Collection entries:
--------

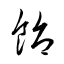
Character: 飴
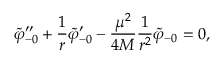
{ \tilde { \varphi } _ { - 0 } } ^ { \prime \prime } + { \frac { 1 } { r } } { \tilde { \varphi } _ { - 0 } } ^ { \prime } - { \frac { \mu ^ { 2 } } { 4 M } } { \frac { 1 } { r ^ { 2 } } } { \tilde { \varphi } _ { - 0 } } = 0 ,
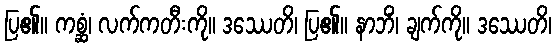
ပြ၏။ ကစ္ဆံ၊ လက်ကတီးကို။ ဒဿေတိ၊ ပြ၏။ နာဘိံ၊ ချက်ကို။ ဒဿေတိ၊
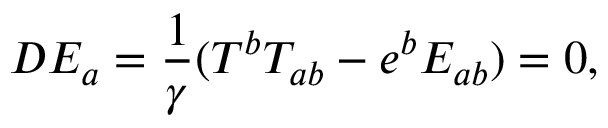
D { \cal E } _ { a } = \frac { 1 } { \gamma } ( T ^ { b } { \cal T } _ { a b } - e ^ { b } { \cal E } _ { a b } ) = 0 ,
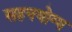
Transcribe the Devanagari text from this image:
सहनयोग्य
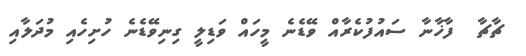
ޗާޗާ  ފާޚާނާ ސައުފުކެރާއް ވޭޑެނެ މީހައް ވަޑިލީ ގިނިވޭޑެނެ ހުށިހެއި މުދަލާއި
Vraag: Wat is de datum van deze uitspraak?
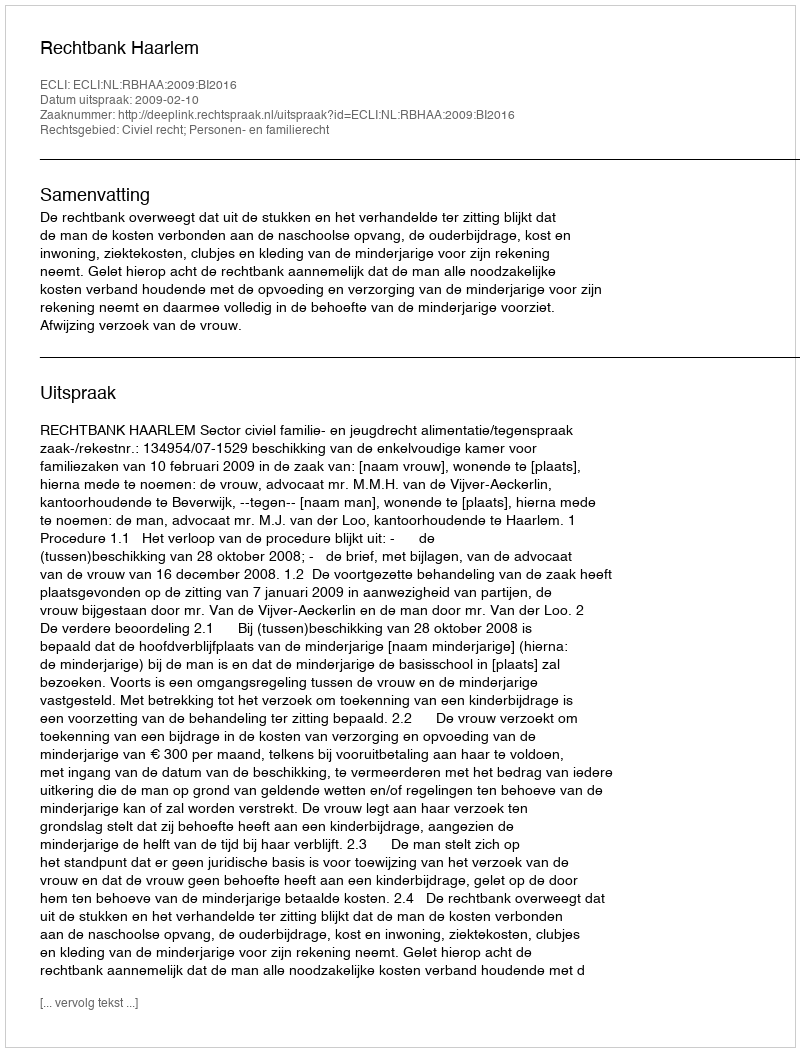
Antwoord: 2009-02-10
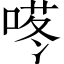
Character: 𱓜
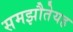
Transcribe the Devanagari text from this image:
समझौतेयह
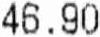
46.90
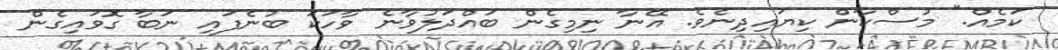
ކަމެއް." މުސްކާން ކިޔައިދިނެވެ. އޭނާ ނިމިގެން ބައްދަލުވާނެ ވާހަކަ ބުނެފައި ނަބާ ގޮވައިގެން
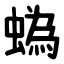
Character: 蟡
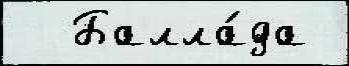
  Балла́да
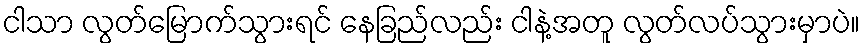
ငါသာ လွတ်မြောက်သွားရင် နေခြည်လည်း ငါနဲ့အတူ လွတ်လပ်သွားမှာပဲ။
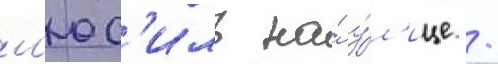
л'юс'иль на́ у́л'ице /
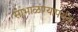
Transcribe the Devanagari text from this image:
सांभाळण्यापर्यंत
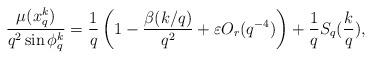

--------

▶ **Task to complete**: In the records above, find the line that contains "Character: 蟡". Retype it and every line after it, exactly, leaving out all pictures.

▶ **Result**:
Character: 蟡
  Балла́да
ငါသာ လွတ်မြောက်သွားရင် နေခြည်လည်း ငါနဲ့အတူ လွတ်လပ်သွားမှာပဲ။
л'юс'иль на́ у́л'ице /
Transcribe the Devanagari text from this image:
सांभाळण्यापर्यंत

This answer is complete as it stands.